The other difficulty with a return to such a patently comic-feeling mode is that audiences have been trained to expect a more-or-less rational and scientific world for superheroes to inhabit, but there were lots of moments where the science in Superman just made me go “WTF?”. In a cartoon, or a movie without Mrs Kents or Mr Whites, a movie like the Fantastic Four, you can easily forgive bad science. In Superman Returns, it becomes another, albeit minor, jarring note.
The greatest failure though comes almost inevitably from the nature of the Superman myth and character.
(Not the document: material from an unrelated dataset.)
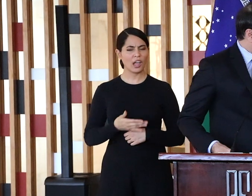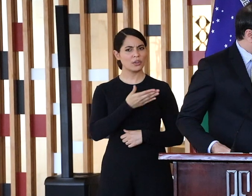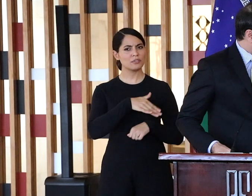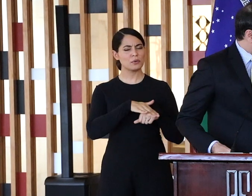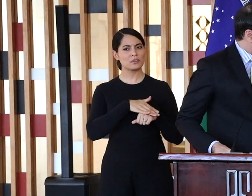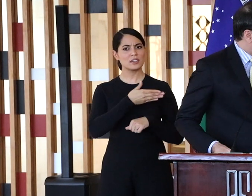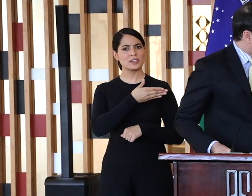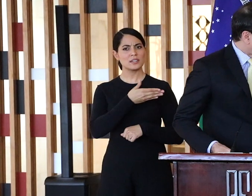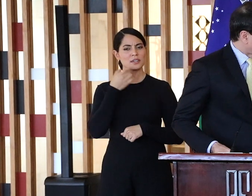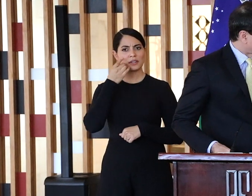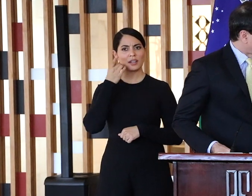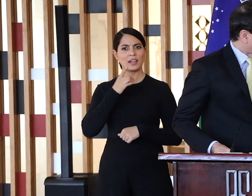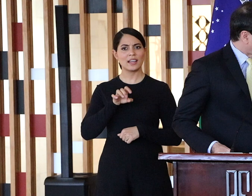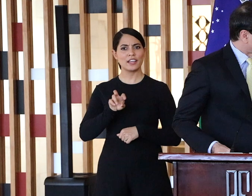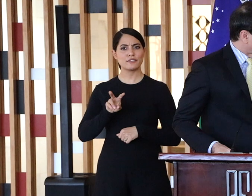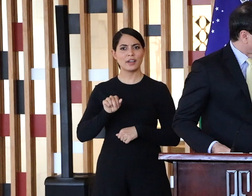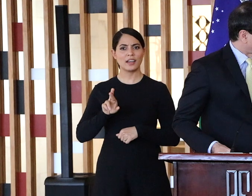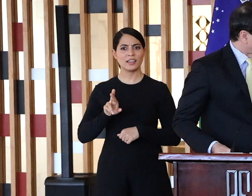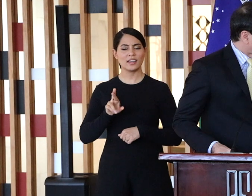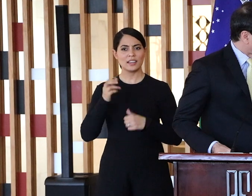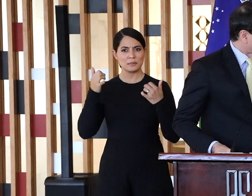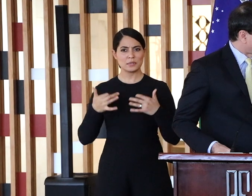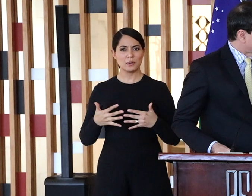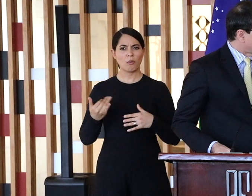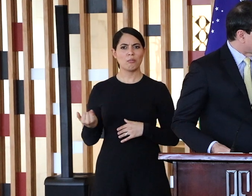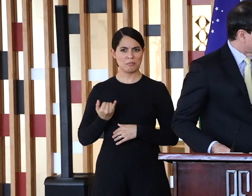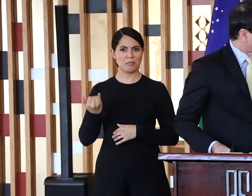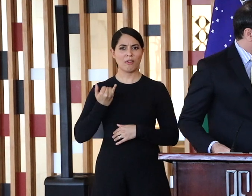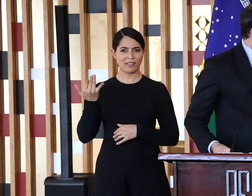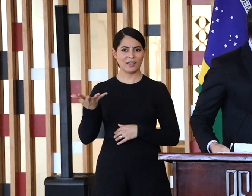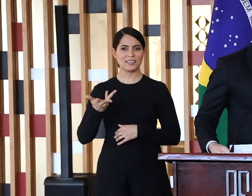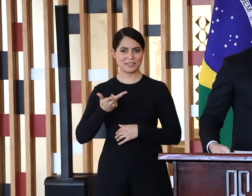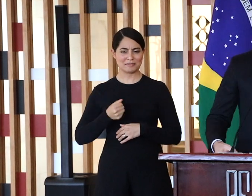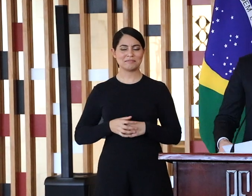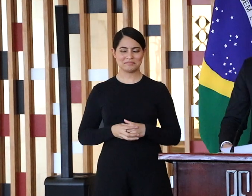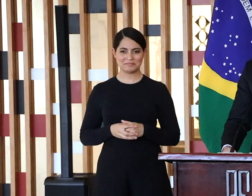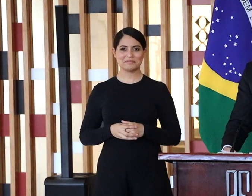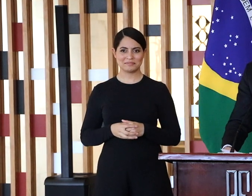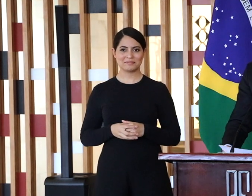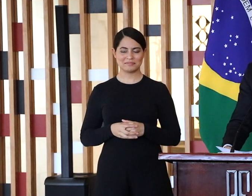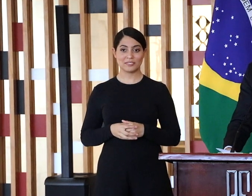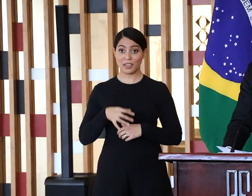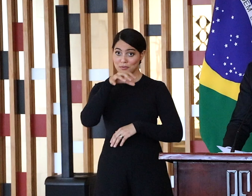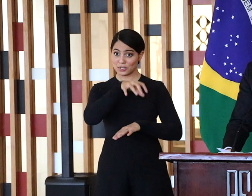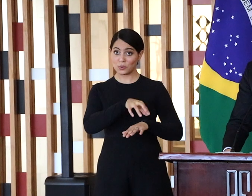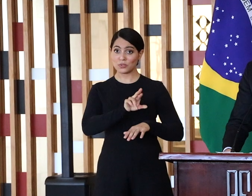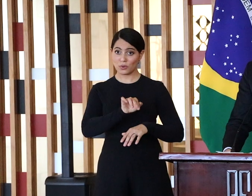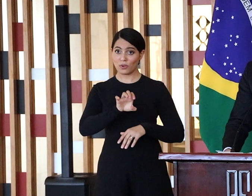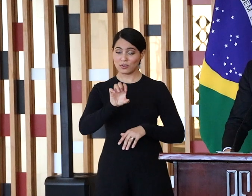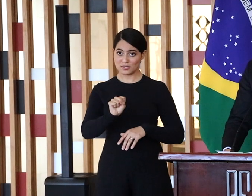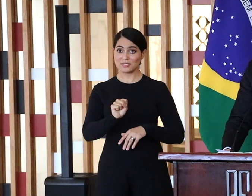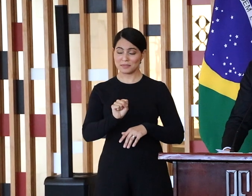deputado Evair de Mello hoje, ele me expôs aí sobre a riqueza e de outra preciosidade do Espírito Santo que é o setor das rochas ornamentais.
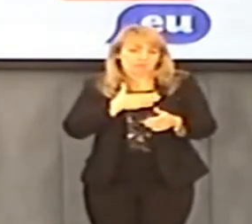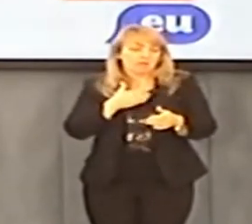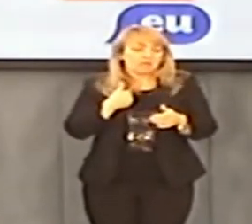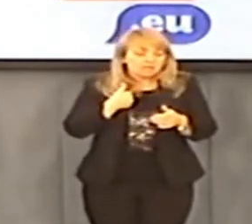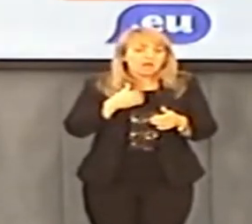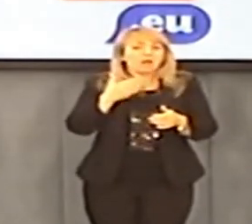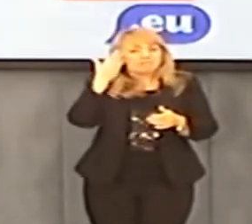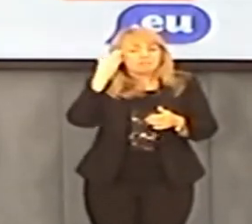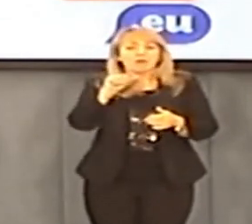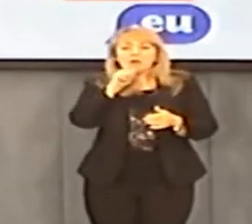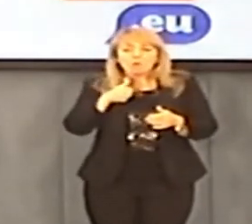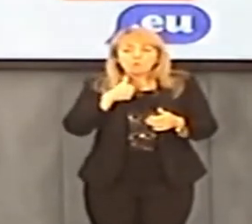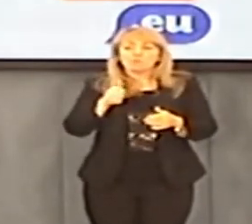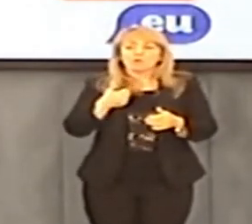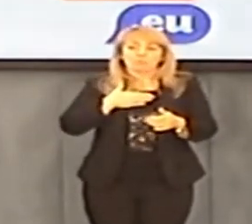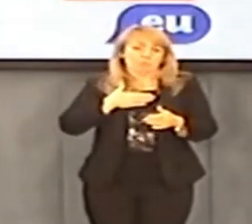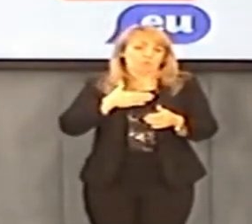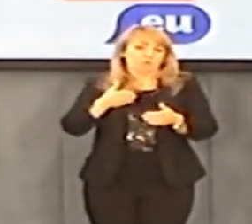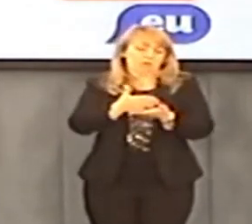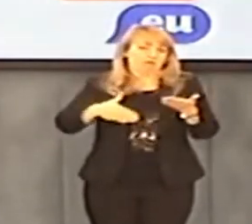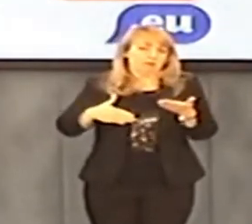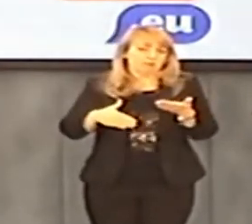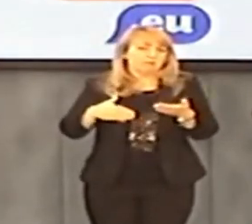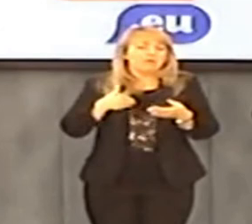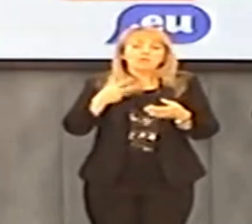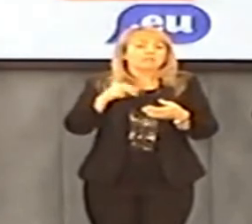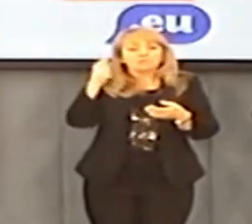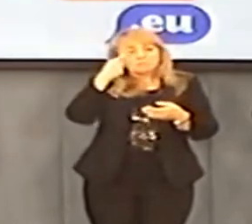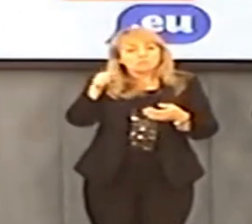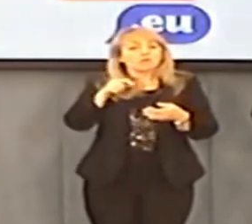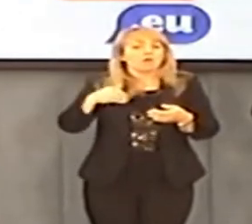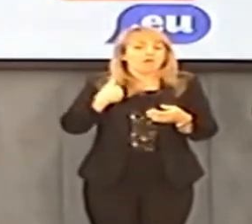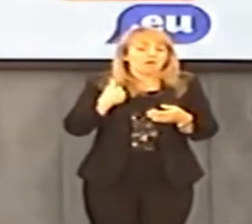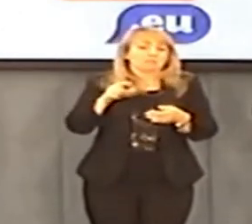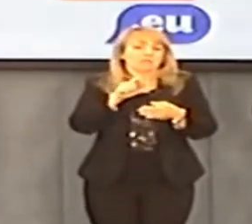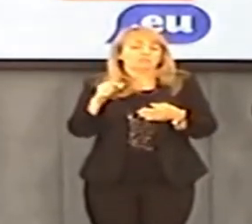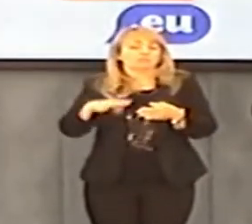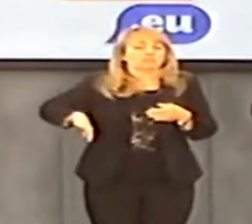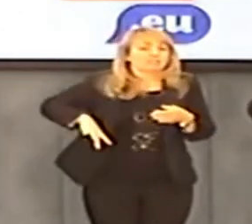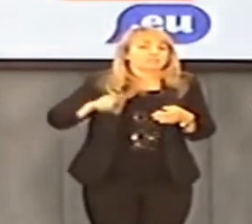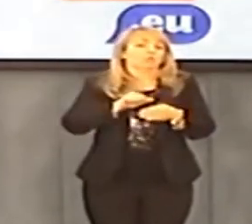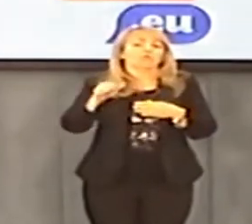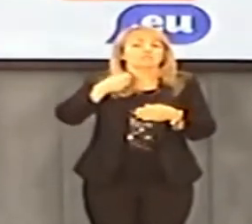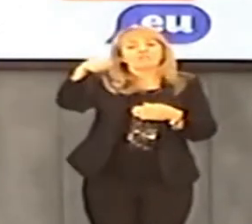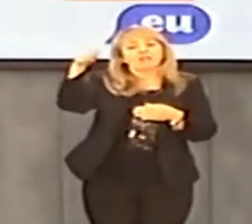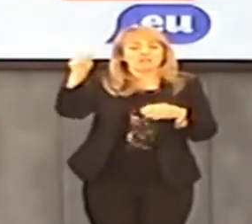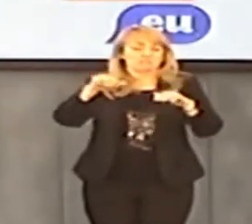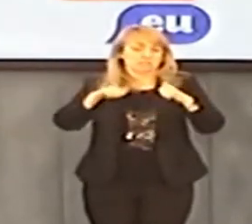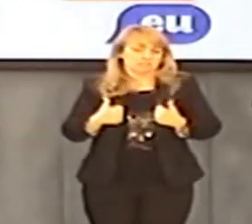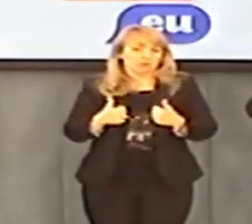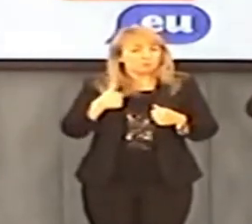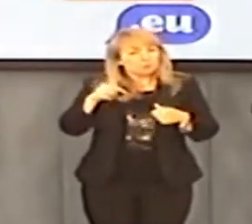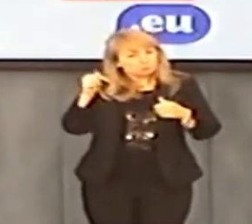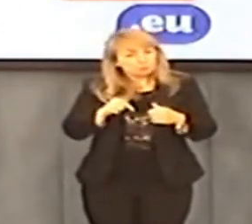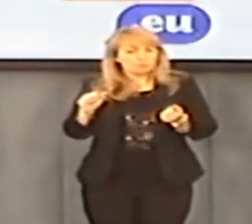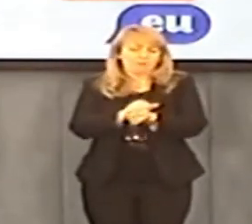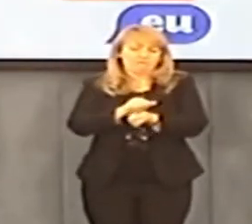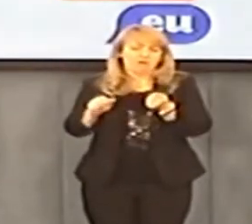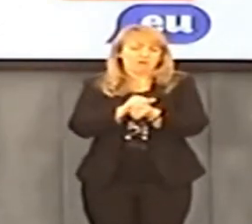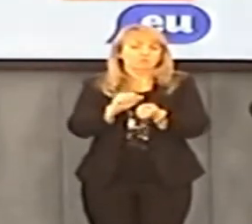Szwajcarii, zarabiają. Traktuję Europę jako moją ojczyznę. Nie uważam nawet pobytu w Wielkiej Brytanii czy w Szwajcarii za emigrację.

Superman has always been deployed as the unstoppable and unbeatable foe against which your only weapon is Kryptonite. That is really boring. I asked whether this had been addressed, and he waxed lyrical about the kryptonited Superman having the crap beaten out of him by three ordinary goons. What he didn’t tell me was that within 10 minutes he’d be lifting the whole kryptonite-laden island and throw it into space. WTF? Now we have a superman against whom even Kryptonite is ineffective!
Ultimately I wanted this movie to force Superman to take a good hard look at the emotional wreckage he leaves behind him with his grandstanding and quick-fix approach to everything. Instead, despite strong hints of this as a potential motif, Superman is allowed to run rampant through the movie in his typical bull-in-chinashop approach to being a hero. In short then, I simply return to ‘s take: after 2 hours of setting up characters and scenarios, I wanted Singer to actually have done something with them, rather than go through the motions with his one-dimensional plot-device characters and fail to deliver any real spectacle.